Periodic Reporting for period 1 - PartialIO (Can less be more?: Semiparametric and partial identification in panel data discrete response models with an application to consumer demand)
Reporting period: 2021-09-01 to 2023-08-31
Traditional panel data discrete response models often use distributional and functional form assumptions for identification and estimation. If misspecified, these models can lead to interpretation and inference problems. Developing models that are flexible is thus very important since they can be applied to many different settings and datasets, making clear what can be tested and what conclusions can be drawn from the analysis. Getting a better understanding of how individuals make decisions is particularly important for society since this affects the success and effectiveness of the economic and policy decisions of firms and governments.
PartialIO’s overall objectives were the development and examination of new and less restrictive dynamic panel data discrete response models. These models would be applicable to consumer demand, capturing for example the role of inertia, habits and lock-in in choices. The project developed a new model where individuals base their decision on whether they switch from the option they chose last period, without imposing assumptions on the unobserved individual heterogeneity. The identification power of this model was examined, and although the model did not provide a single solution for the parameters of interest, identification bounds were derived under different scenarios.
Dissemination and communication activities included several presentations at conferences and invited seminars, and the organization of one international conference and one international workshop.

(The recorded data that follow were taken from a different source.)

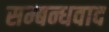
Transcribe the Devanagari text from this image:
सम्बन्धवाद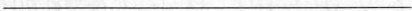
___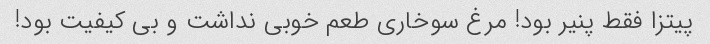
پیتزا فقط پنیر بود! مرغ سوخاری طعم خوبی نداشت و بی کیفیت بود!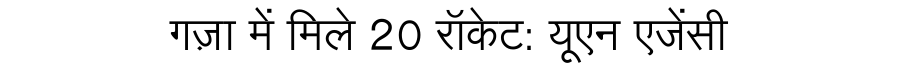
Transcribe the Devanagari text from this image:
गज़ा में मिले 20 रॉकेट: यूएन एजेंसी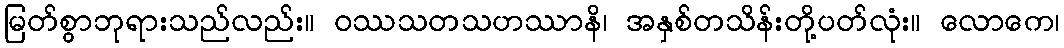
မြတ်စွာဘုရားသည်လည်း။ ဝဿသတသဟဿာနိ၊ အနှစ်တသိန်းတို့ပတ်လုံး။ လောကေ၊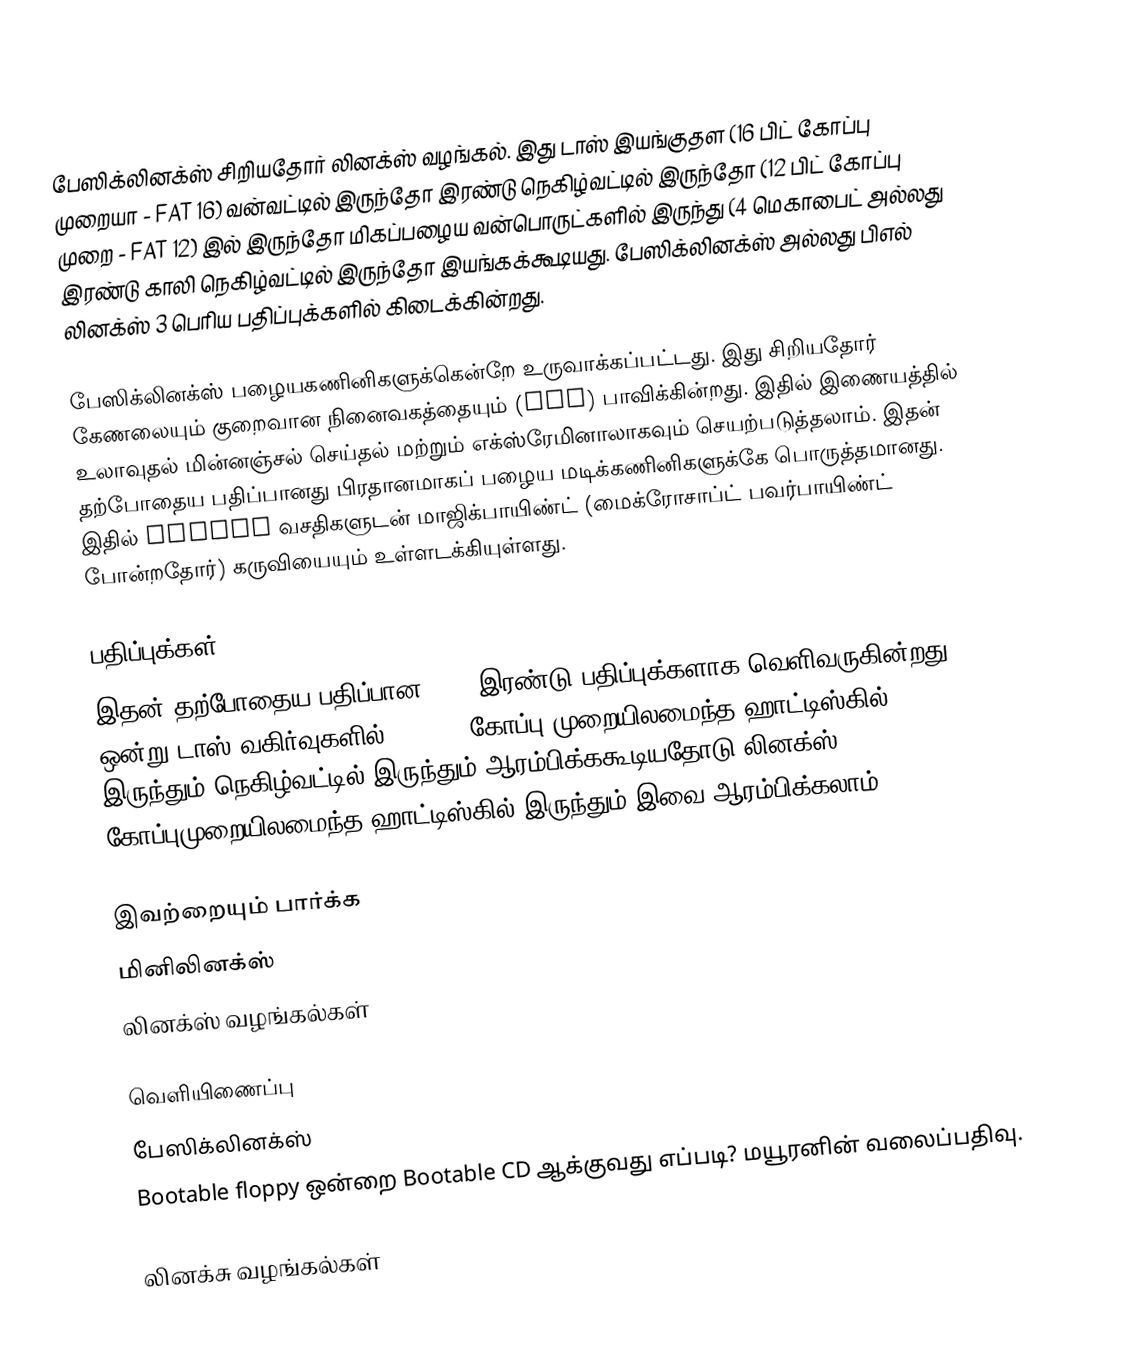
பேஸிக்லினக்ஸ் சிறியதோர் லினக்ஸ் வழங்கல். இது டாஸ் இயங்குதள (16 பிட் கோப்பு முறையா - FAT 16) வன்வட்டில் இருந்தோ இரண்டு நெகிழ்வட்டில் இருந்தோ (12 பிட் கோப்பு முறை - FAT 12) இல் இருந்தோ மிகப்பழைய வன்பொருட்களில் இருந்து (4 மெகாபைட் அல்லது இரண்டு காலி நெகிழ்வட்டில் இருந்தோ இயங்கக்கூடியது. பேஸிக்லினக்ஸ் அல்லது பிஎல் லினக்ஸ் 3 பெரிய பதிப்புக்களில் கிடைக்கின்றது.

பேஸிக்லினக்ஸ் பழையகணினிகளுக்கென்றே உருவாக்கப்பட்டது. இது சிறியதோர் கேணலையும் குறைவான நினைவகத்தையும் (RAM) பாவிக்கின்றது. இதில் இணையத்தில் உலாவுதல் மின்னஞ்சல் செய்தல் மற்றும் எக்ஸ்ரேமினாலாகவும் செயற்படுத்தலாம். இதன் தற்போதைய பதிப்பானது பிரதானமாகப் பழைய மடிக்கணினிகளுக்கே பொருத்தமானது. இதில் PCMCIA வசதிகளுடன் மாஜிக்பாயிண்ட் (மைக்ரோசாப்ட் பவர்பாயிண்ட் போன்றதோர்) கருவியையும் உள்ளடக்கியுள்ளது.

பதிப்புக்கள்
இதன் தற்போதைய பதிப்பான 3.40 இரண்டு பதிப்புக்களாக வெளிவருகின்றது. ஒன்று டாஸ் வகிர்வுகளில் (FAT 16 கோப்பு முறையிலமைந்த ஹாட்டிஸ்கில்) இருந்தும் நெகிழ்வட்டில் இருந்தும் ஆரம்பிக்ககூடியதோடு லினக்ஸ் கோப்புமுறையிலமைந்த ஹாட்டிஸ்கில் இருந்தும் இவை ஆரம்பிக்கலாம்.

இவற்றையும் பார்க்க
 மினிலினக்ஸ்
 லினக்ஸ் வழங்கல்கள்

வெளியிணைப்பு
 பேஸிக்லினக்ஸ்
 Bootable floppy ஒன்றை Bootable CD ஆக்குவது எப்படி? மயூரனின் வலைப்பதிவு.

லினக்சு வழங்கல்கள்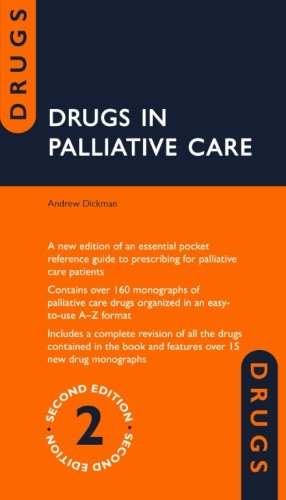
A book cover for Drugs in Palliative Care; Andrew Dickman; Medical Books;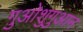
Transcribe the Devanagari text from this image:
ग़ुओशुगुआन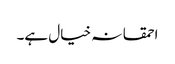
احمقانہ خیال ہے۔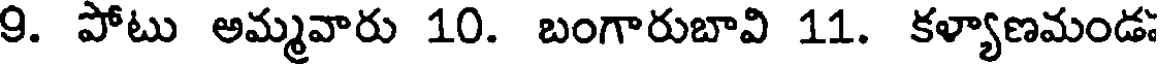
9. పోటు అమ్మవారు 10. బంగారుబావి 11. కళ్యాణమండ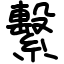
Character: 繫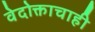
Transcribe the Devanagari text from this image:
वेदोक्ताचाही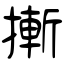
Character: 摲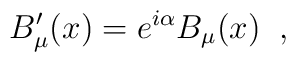
B'_{\mu}(x) = e^{i\alpha} B_{\mu}(x) \;\;,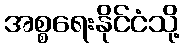
အစ္စရေးနိုင်ငံသို့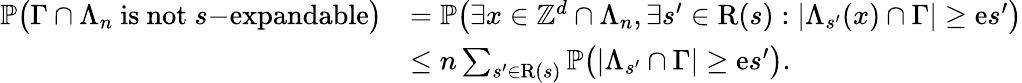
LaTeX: \begin{array}{rl}{\mathbb{P}\big(\Gamma\cap\Lambda_{n}\mathrm{~is~not~}s\mathrm{-expandable}\big)}&{=\mathbb{P}\big(\exists x\in{\mathbb Z}^{d}\cap\Lambda_{n},\exists s^{\prime}\in\mathrm{R}(s):|\Lambda_{s^{\prime}}(x)\cap\Gamma|\ge{\mathrm e}s^{\prime}\big)}\\ &{\le n\sum_{s^{\prime}\in\mathrm{R}(s)}\mathbb{P}\big(|\Lambda_{s^{\prime}}\cap\Gamma|\ge{\mathrm e}s^{\prime}\big).}\end{array}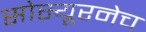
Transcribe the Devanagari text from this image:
सोस्यूरनेच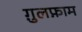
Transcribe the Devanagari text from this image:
ग़ुलफ़ाम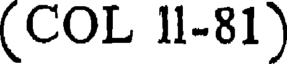
(COL 11-81)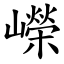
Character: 嶸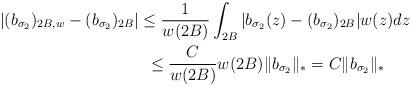
LaTeX: \begin{align*}&|(b_{\sigma_2})_{2B,w}-(b_{\sigma_2})_{2B}|\leq \frac{1}{w(2B)}\int_{2B}|b_{\sigma_2}(z)-(b_{\sigma_2})_{2B}|w(z)dz\\&\ \ \ \ \ \ \ \ \ \ \ \ \ \ \ \ \ \ \ \ \ \ \ \ \ \ \ \leq \frac{C}{w(2B)}w(2B)\|b_{\sigma_2}\|_*=C\|b_{\sigma_2}\|_*\end{align*}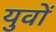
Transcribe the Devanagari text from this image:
युवों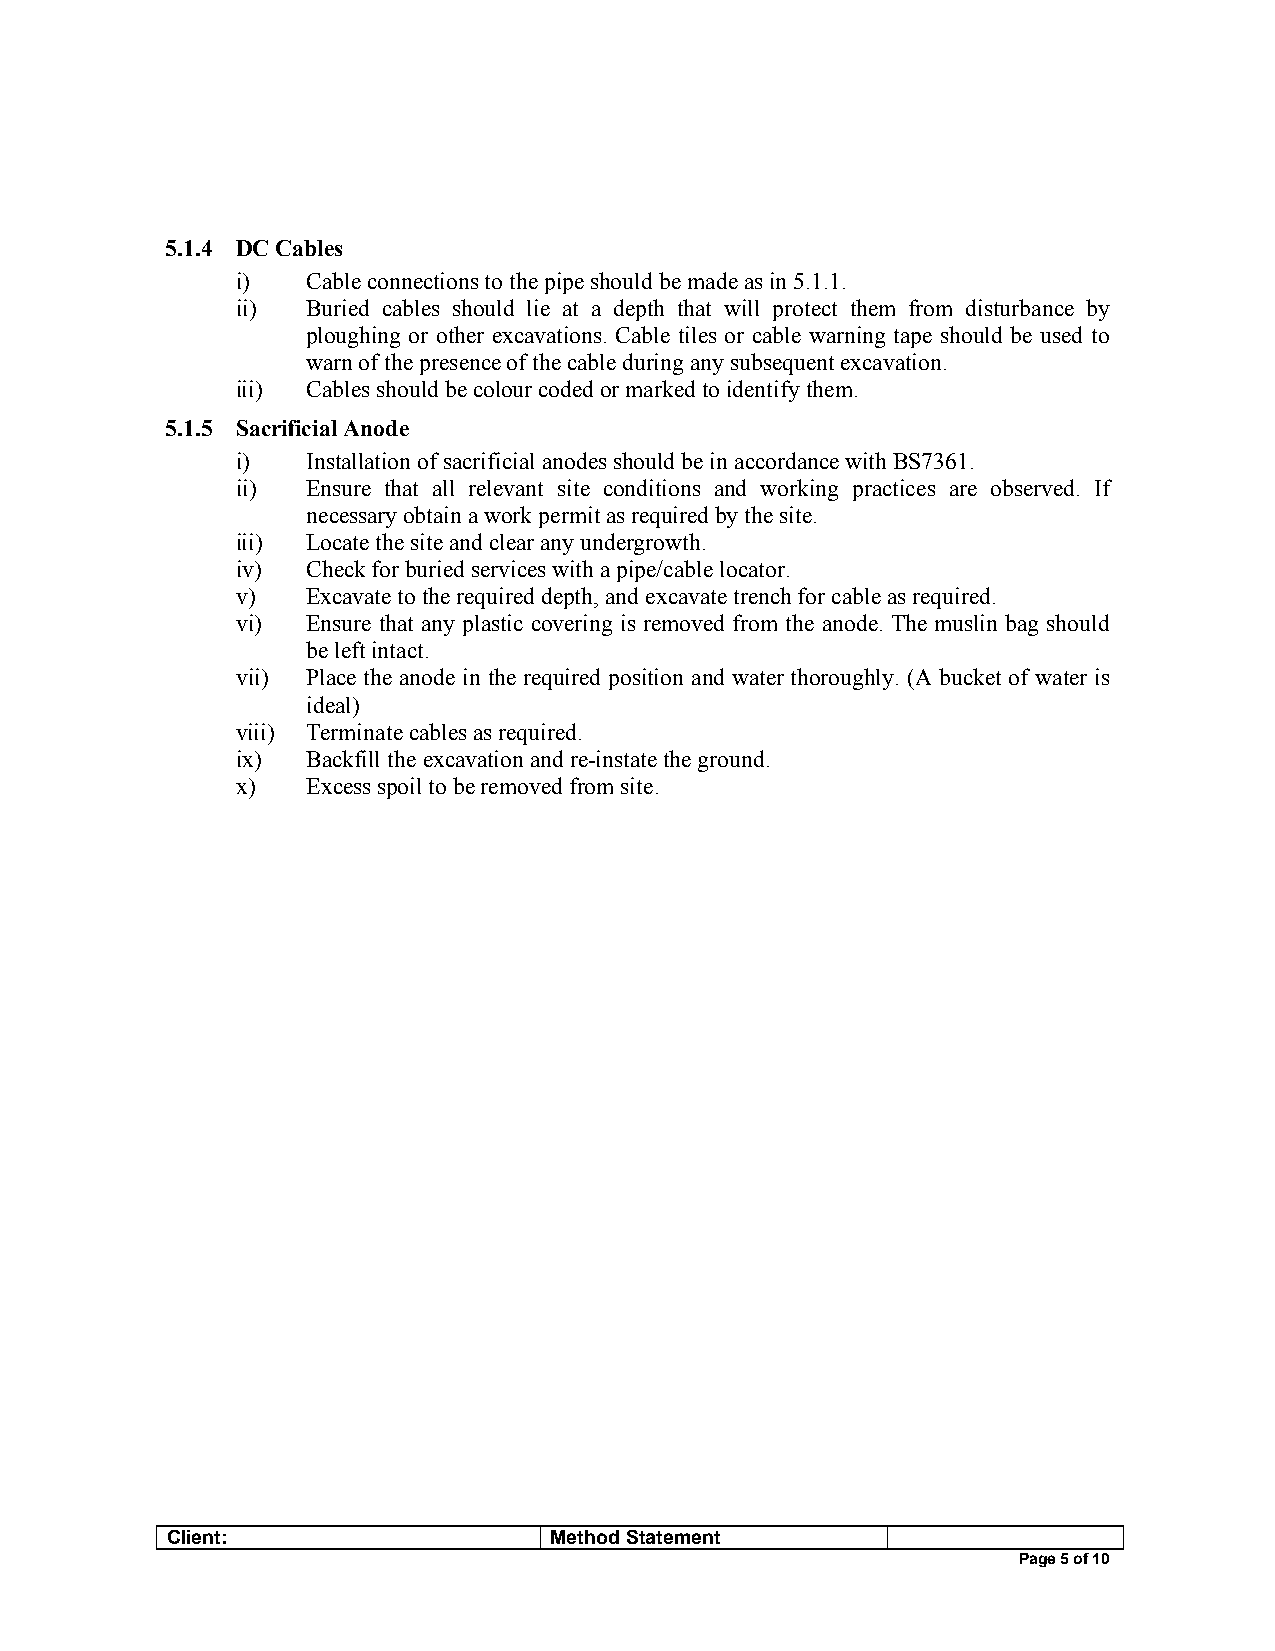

The project’s activities were promoted and a working paper with the project’s main results was made publicly available on the fellow’s personal webpage.
The methodologies in the project can form the basis for a broad spectrum of theoretical and applied research in econometrics and microeconomics. Discrete response data is found in many applications including marketing, industrial organization, health and labour economics. Getting a better understanding of how individuals make decisions over time can have potential impact on the economic decision and policy making process of firms and governments.